Quando – cinematograficamente – Steven Soderbergh non indagava ancora con Erin Brokovich sulle falde acquifere attorno a Hinkley, nella California a cavallo dei Sessanta, contaminate dal cromo esavalente o Todd Haynes non tentava di far luce in Cattive acque, attraverso un arco di venti e più anni, con un inespressivo avvocato Mark Ruffalo, sulle nefandezze della DuPont che con sversamenti nei corsi d’acqua attorno a Parkersburg di acido perfluoroottanoico, nella Virginia occidentale, aveva per anni procurato danni fisici irreparabili e tumori alla popolazione e al bestiame (il film recente, documentatissimo, si rifà ad un articolo del “New York Times Magazine” del 2016), nella sua Norvegia di 138 anni fa Henrik Ibsen faceva già opera di denuncia con Un nemico del popolo
Al centro della vicenda il dottor Stockmann, pronto a spalancare una finestra per mostrare quanto di marcio c’è in città, a denunciare la contaminazione delle acque della stazione termale della piccola città in cui vive con moglie e figlia, stazione su cui il nucleo ha poggiato l’intera sua economia, il prosperare, l’afflusso numeroso e continuo dei frequentatori.
Una denuncia che tutti dicono necessaria, in primis la stampa locale, anche con l’appoggio degli interventi e dei sacrifici (tre anni di chiusura degli stabilimenti, con gli introiti tutti a scendere) che la messa a punto comporta. Insomma, la gratitudine generale ad un passo. Il sindaco tuttavia, spregiudicato quanto ambiguo fratello del guastafeste e presidente degli stabilimenti, inizia la sua opera di persuasione, viscida e forte, anche nella volontà di tenere al riparo i tanti immobili che sull’attività prosperano, raggira, convince (La voce del popolo si dice indipendente: ma quanto?), obbliga, mette a tacere, come troppa gente sbatte in primo piano il bene comune che va salvaguardato, mette i suoi concittadini di fronte ad una nuova quanto falsificata responsabilità, di modo che ognuno gira le spalle al dottore, nella convinzione ancora una volta, passato o epoca attuale poco importa, che la sicurezza economica e la prosperità che poggia sul marciume possa essere ben più significativa dello spauracchio che qualcuno ci vuol mettere davanti. Tutto va tenuto nascosto, perché dare il via ad una insicurezza che finirà con l’avvolgere tutti: il poveretto è letteralmente bandito dalla società, perde il lavoro, anche la propria famiglia ne è colpita. A lui non rimarrà che una solida solitudine (e il bellissimo, rallentato finale, con l’eroe che rimpicciolisce verso il fondo della scena, mentre alcune parti inventate da Marco Rossi cadono, va dritto in questa direzione).

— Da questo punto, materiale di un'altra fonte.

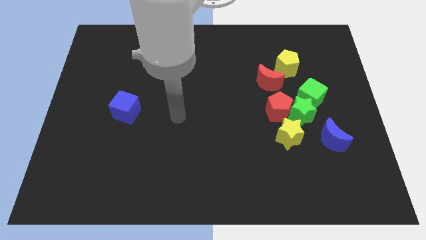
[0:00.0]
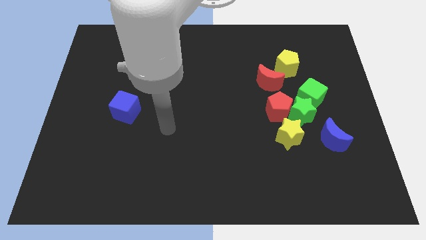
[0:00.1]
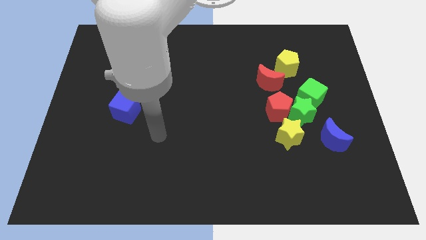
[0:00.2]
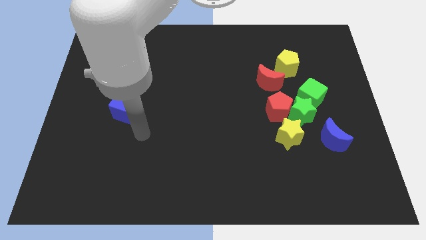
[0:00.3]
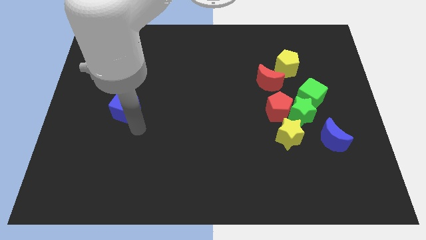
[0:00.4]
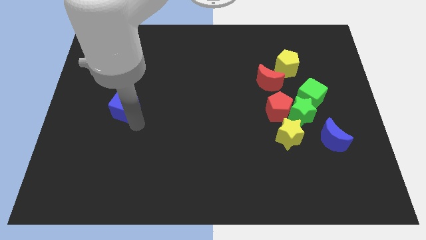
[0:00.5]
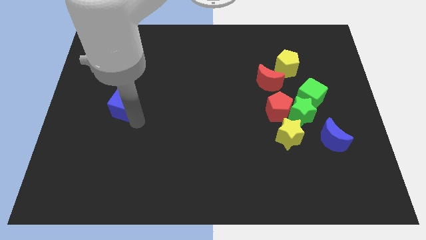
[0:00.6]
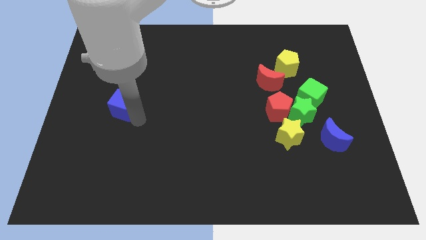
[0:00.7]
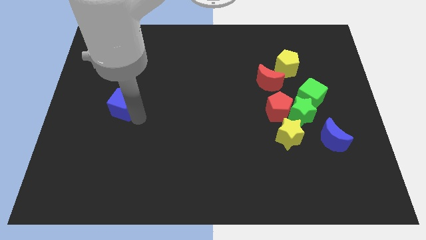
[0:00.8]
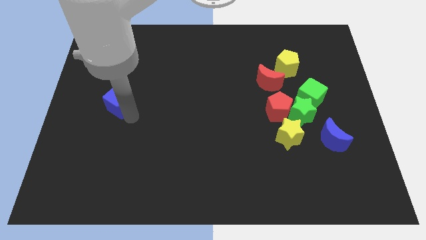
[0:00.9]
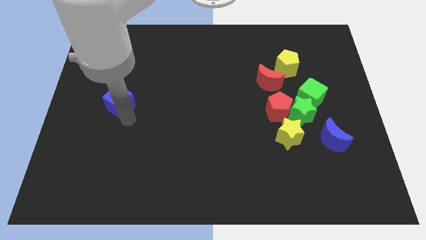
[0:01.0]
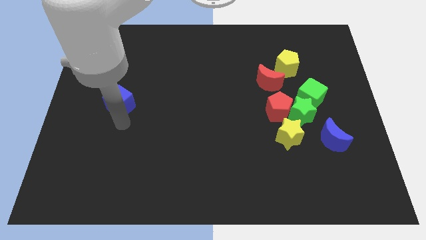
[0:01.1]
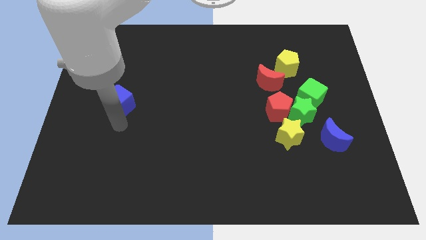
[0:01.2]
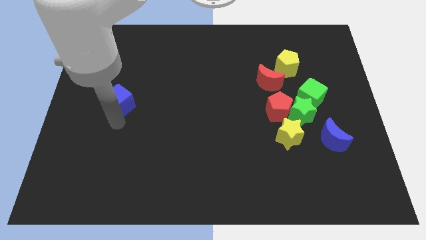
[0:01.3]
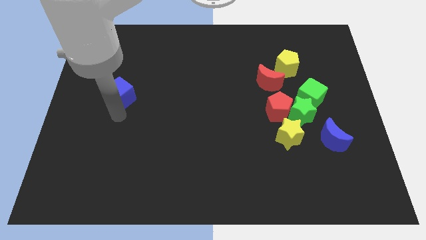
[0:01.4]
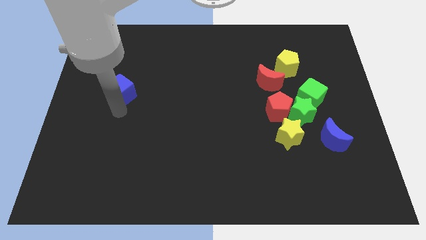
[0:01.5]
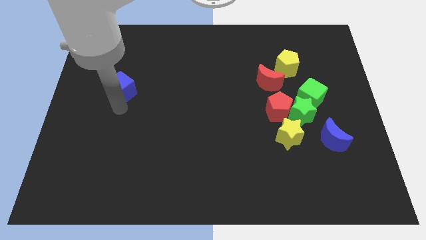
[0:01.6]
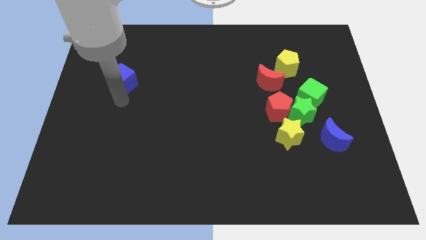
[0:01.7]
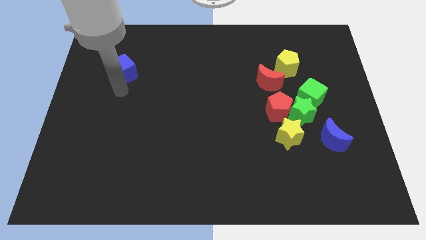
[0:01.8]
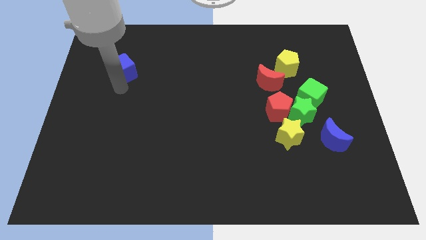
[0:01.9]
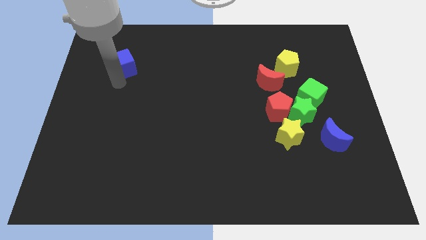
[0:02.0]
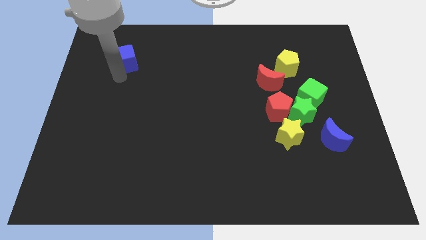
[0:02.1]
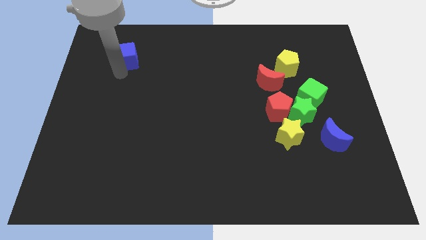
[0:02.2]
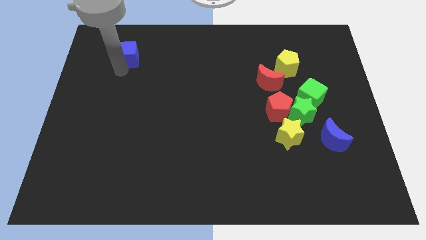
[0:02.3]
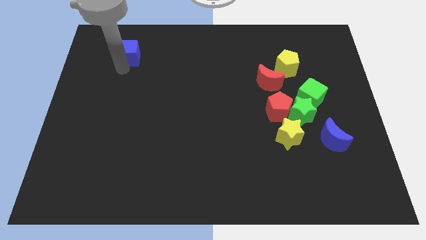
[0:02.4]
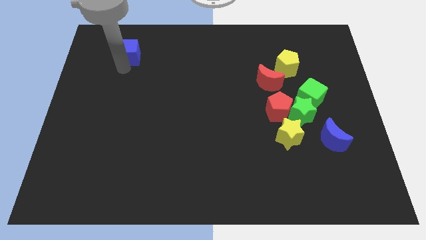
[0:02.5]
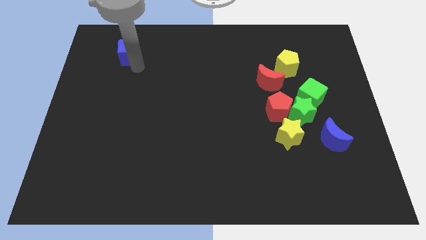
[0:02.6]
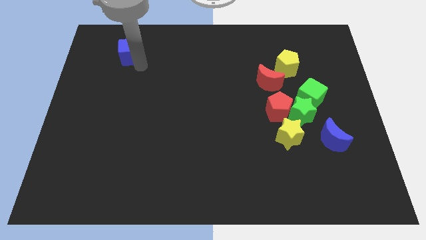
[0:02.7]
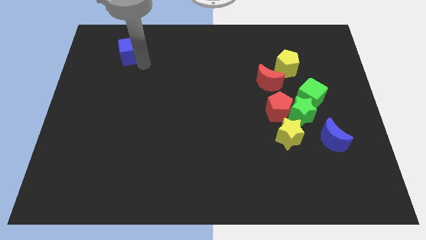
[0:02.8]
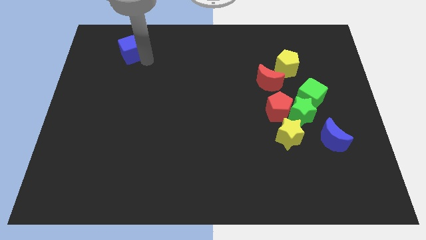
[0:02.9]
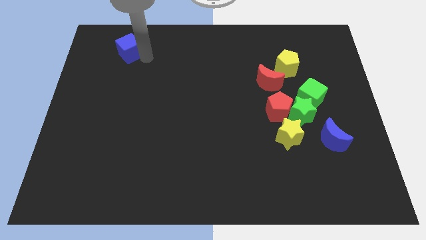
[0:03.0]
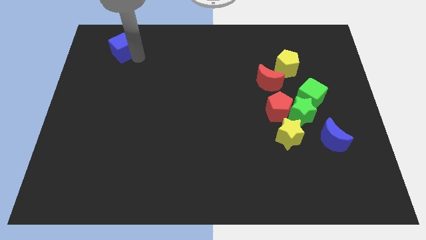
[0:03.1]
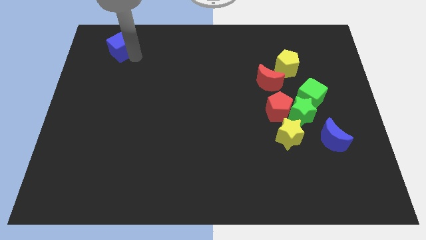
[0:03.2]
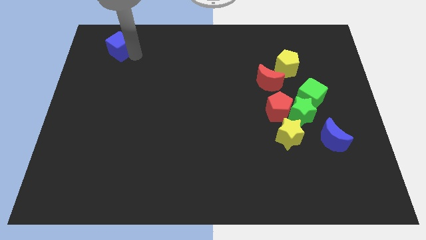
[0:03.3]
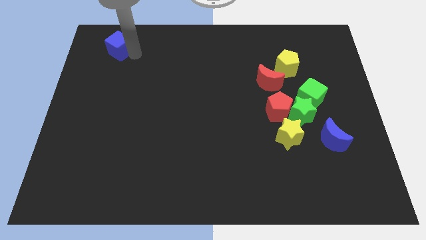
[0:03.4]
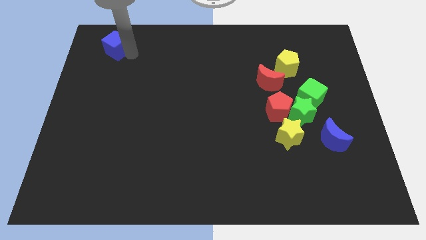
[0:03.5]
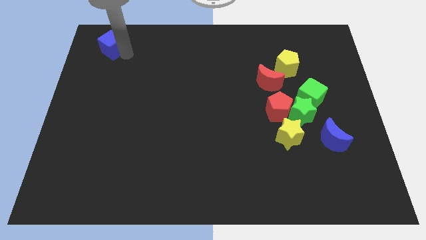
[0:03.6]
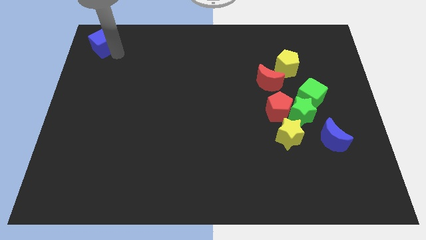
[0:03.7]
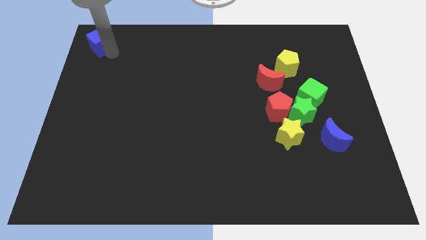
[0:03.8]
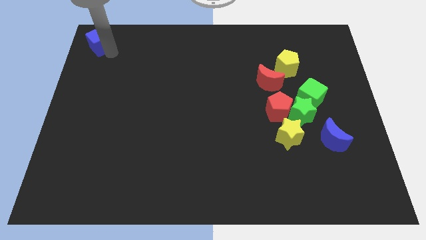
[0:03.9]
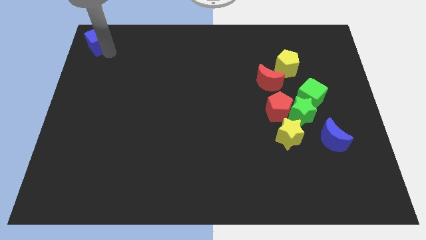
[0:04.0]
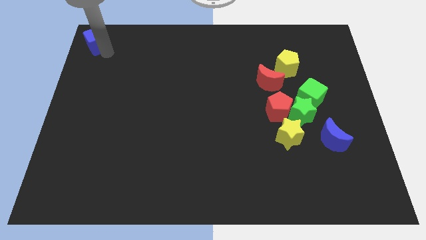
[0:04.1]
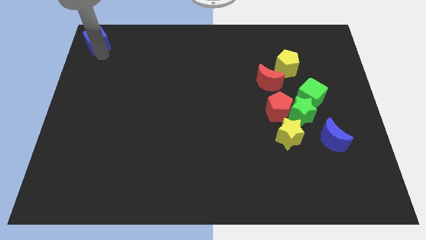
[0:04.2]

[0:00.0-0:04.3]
put the blue cube at the top left corner of the board

Lo spettacolo (visto la settimana scorsa per la stagione dello Stabile torinese), prodotto dal Teatro di Roma, salutato con i Premi Ubu 2019 – miglior spettacolo dell’anno e miglior attrice protagonista Maria Paiato, grandioso sindaco en travesti, magistralmente in bilico, un blocco ben saldo e tenuto lontano dagli “eccessi”, quadro perfetto e disumano del potere contro cui combatte la ragione -, ha il suo eccellente punto di forza nella regia di Massimo Popolizio, che s’è ritagliato anche il ruolo di protagonista, studioso e scopritore, intellettuale messo a dura prova, simbolo d’onestà, osteggiato ma pronto a continuare la propria battaglia. Nulla gli ha vietato, giustamente, di trasportare in qualche povera zona del profondo sud degli States il suo racconto e il commento di un menestrello/ubriaco di colore (i ritmi del blues sono in sottofondo), come ha adottato per tutti (maschere di voltafaccia in abiti scuri, soltanto lui in camice bianco) un tono recitativo da caricatura, grottesco e artificioso, strettamente legato a quell’ipocrisia che tutti attraversa, esempio sfacciato di intima falsità. Il risultato è alto e godibilissimo, 110’ di ragionamenti e di divertimento (sarebbe sufficiente la scena del pubblico processo per dirci quanto questo spettacolo, per cui è davvero necessario abbinare il termine “civile”, sia importante nell’annata teatrale, quanto Popolizio abbia lavorato con intelligenza e sottigliezza): innegabile che quasi ad ogni singola battuta del testo lo spettatore, partecipe sempre, spinto a fare i conti con “la maggioranza”, si senta in obbligo di porsi a confronto con le tante realtà di oggi, presenti, innegabili, reali.